2.     Het peilbesluit gaat vergezeld van een toelichting waarin ten minste zijn opgenomen:

a.     de aan het besluit ten grondslag liggende afwegingen en uitkomsten van de verrichte onderzoeken;

b.     een aanduiding van de veranderingen van de waterstanden ten opzichte van de bestaande situatie;

c.      een aanduiding van de gevolgen van de te handhaven grond- en oppervlaktewaterstanden voor de diverse belangen.

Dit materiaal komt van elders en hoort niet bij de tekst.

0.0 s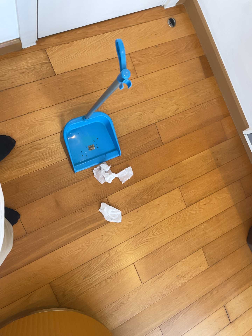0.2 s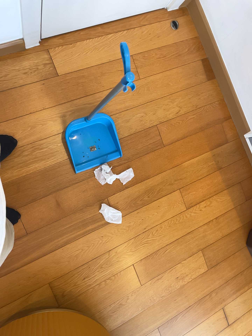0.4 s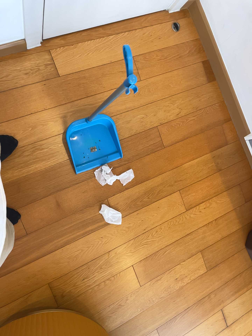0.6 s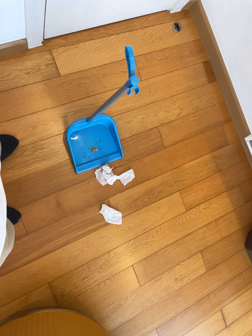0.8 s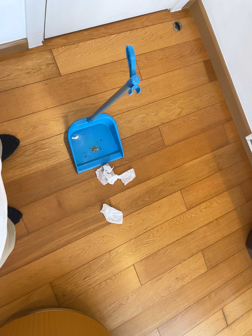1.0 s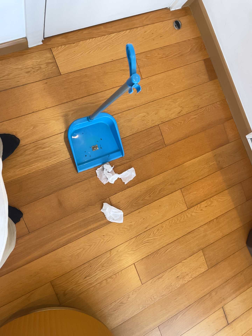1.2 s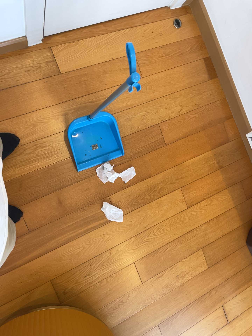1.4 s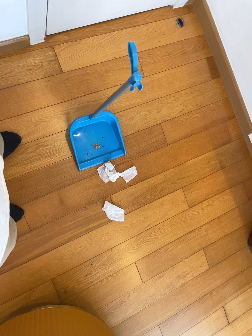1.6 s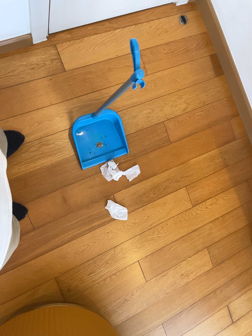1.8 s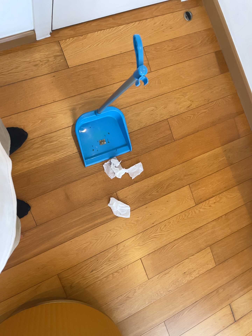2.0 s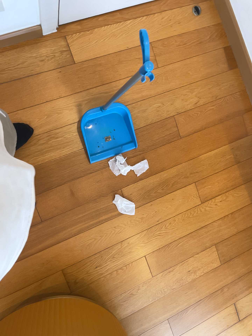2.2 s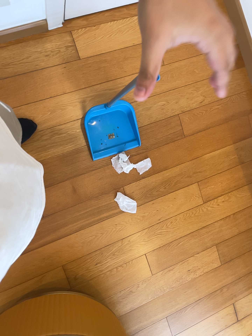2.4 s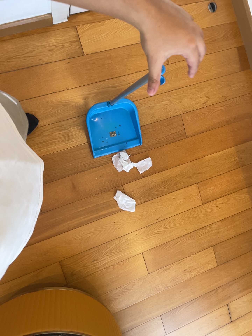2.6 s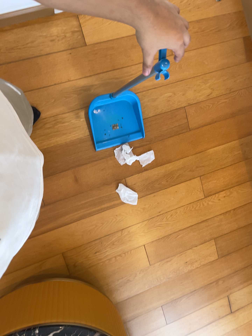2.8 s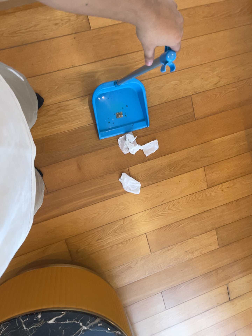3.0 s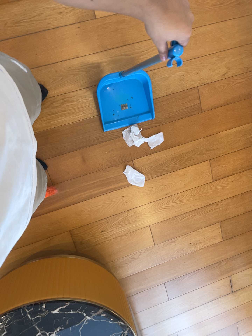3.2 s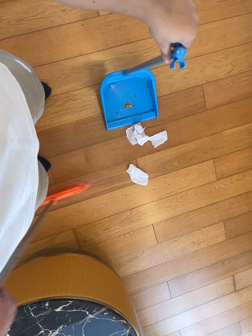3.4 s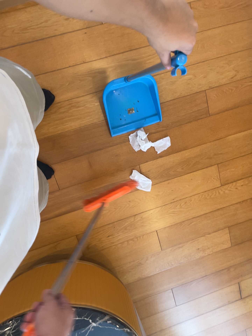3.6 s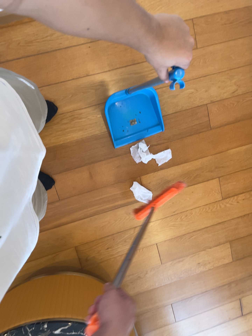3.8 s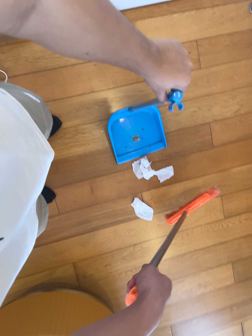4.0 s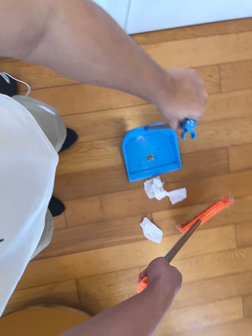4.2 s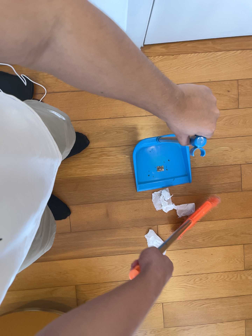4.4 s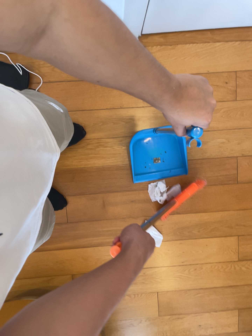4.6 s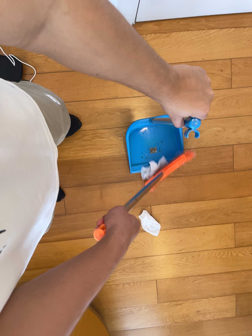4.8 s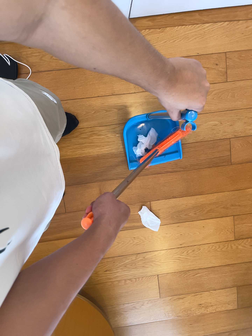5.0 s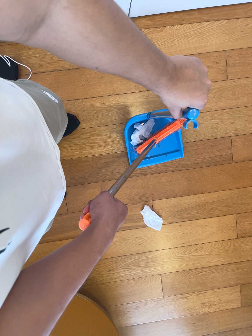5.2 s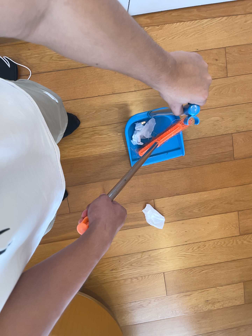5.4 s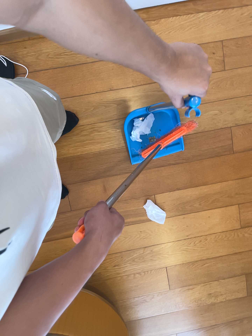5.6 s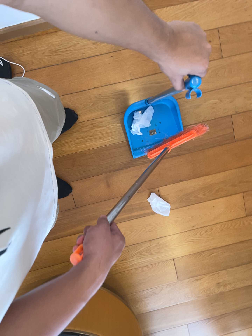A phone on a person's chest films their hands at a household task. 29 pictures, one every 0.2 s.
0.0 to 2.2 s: The camera shifts only a little, or ends up much as it began.
2.2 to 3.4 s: The camera travels toward the top of its view, about 9 cm. Its aim tips toward the bottom of its view by about 10 degrees.
3.4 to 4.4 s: The camera's aim tips toward the top of its view by about 10 degrees, and the scene shifts downward. It rolls about its line of sight by about 10 degrees, and the scene rotates clockwise.
4.4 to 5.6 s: The camera rolls about its line of sight by about 10 degrees, and the scene rotates counterclockwise.
The film runs forward here.
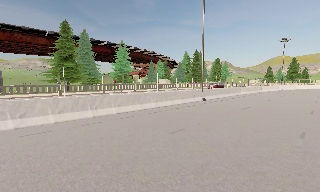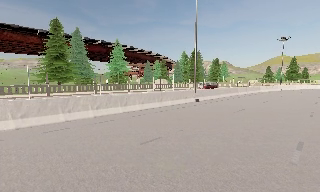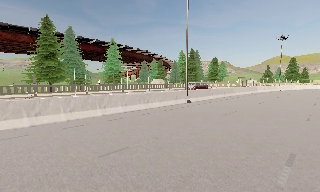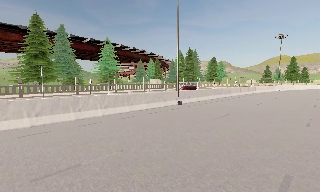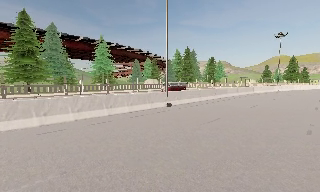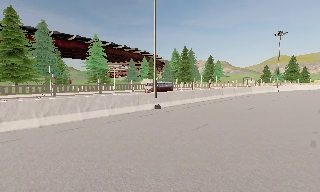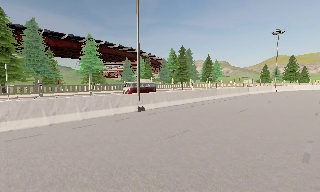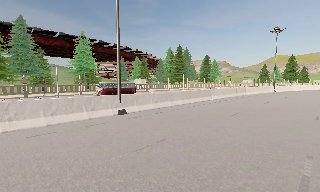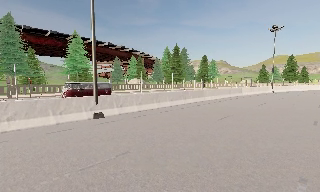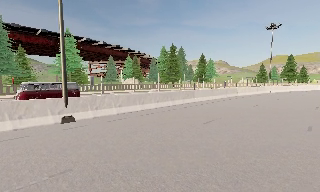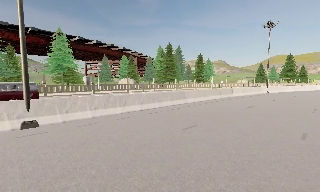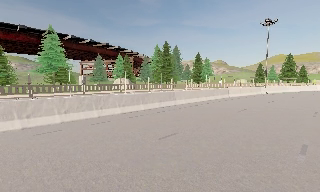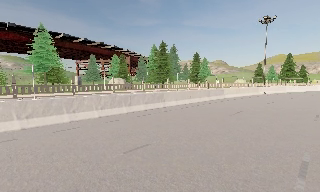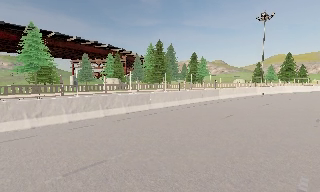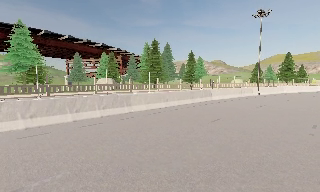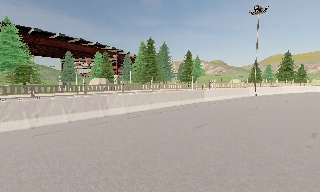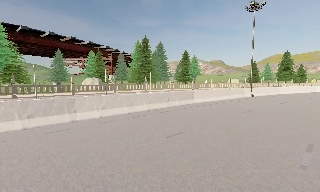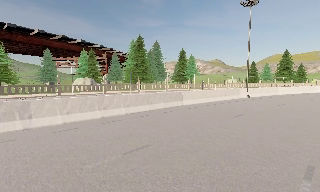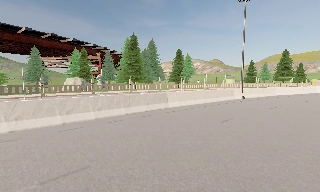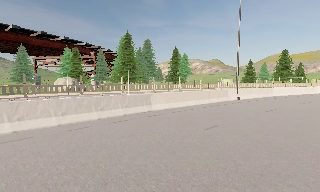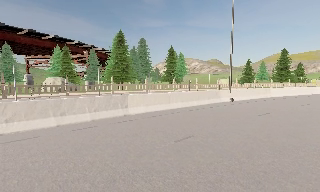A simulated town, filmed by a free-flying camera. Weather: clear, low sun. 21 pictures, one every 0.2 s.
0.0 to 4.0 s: The camera travels forward and to its right, about 30 m, so what stands in front looms larger.
The film runs forward here.
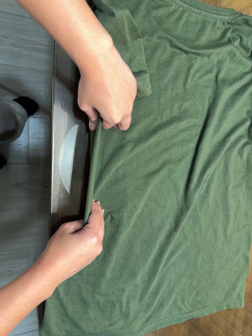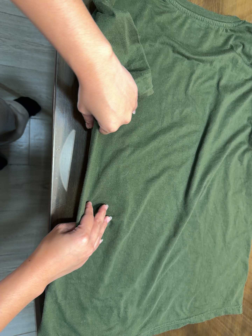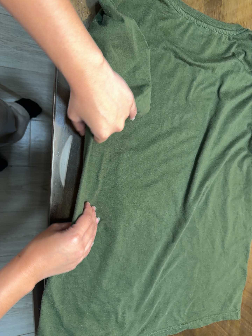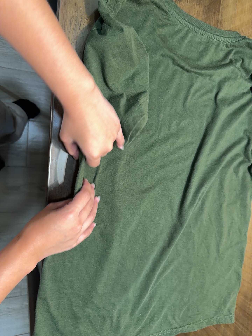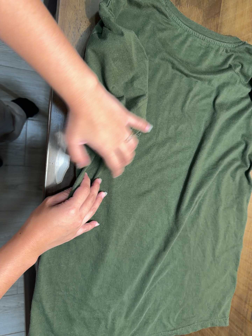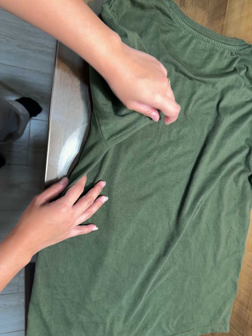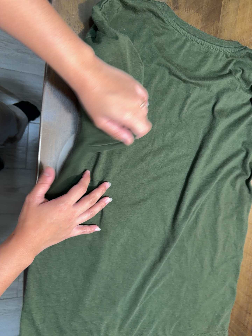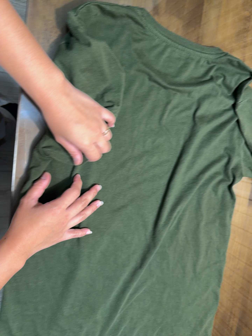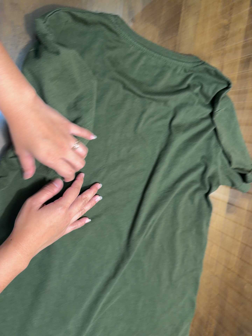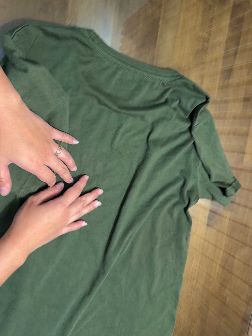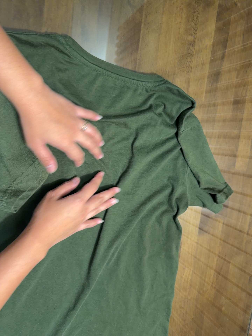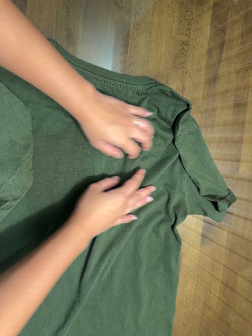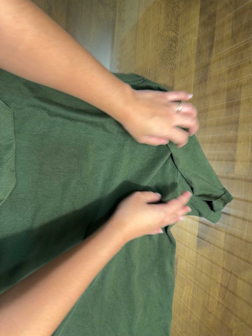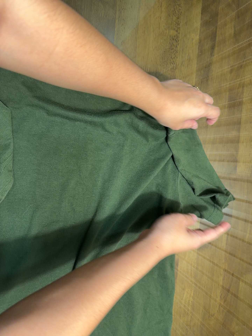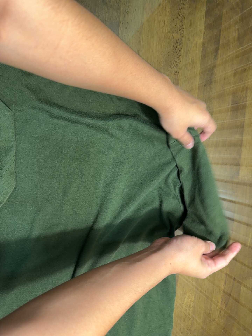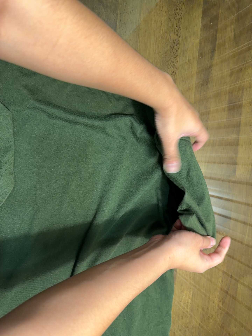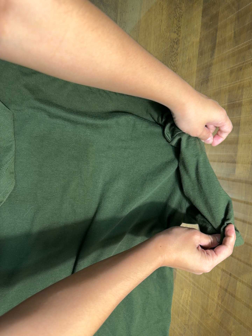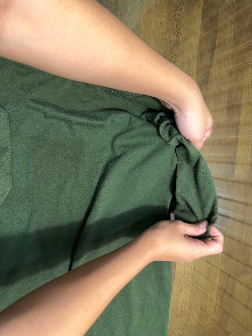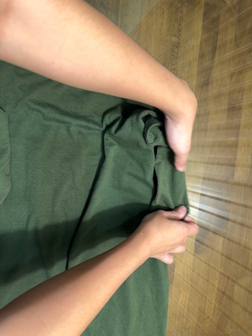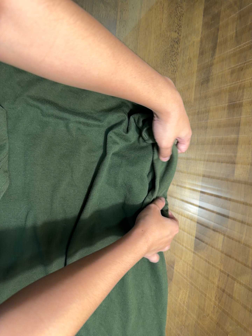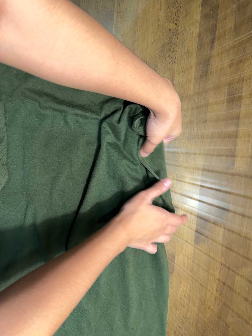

Artikel 10.32, Openbare voorbereiding peilbesluit

Op de voorbereiding van het peilbesluit is afdeling 3.4 van de Awb van toepassing.

Artikel 10.33, Herziening peilbesluit

1.     Een peilbesluit wordt in ieder geval herzien indien hiertoe uit de evaluatie van het beheerplan de noodzaak blijkt.

2.     Indien een peilbesluit betrekking heeft op een provinciegrensoverschrijdend peilvak, dan is op de herziening van het peilbesluit de regelgeving van de provincie van toepassing, waarbinnen het grootste deel van het gebied waarvoor het peilbesluit geldt is gelegen.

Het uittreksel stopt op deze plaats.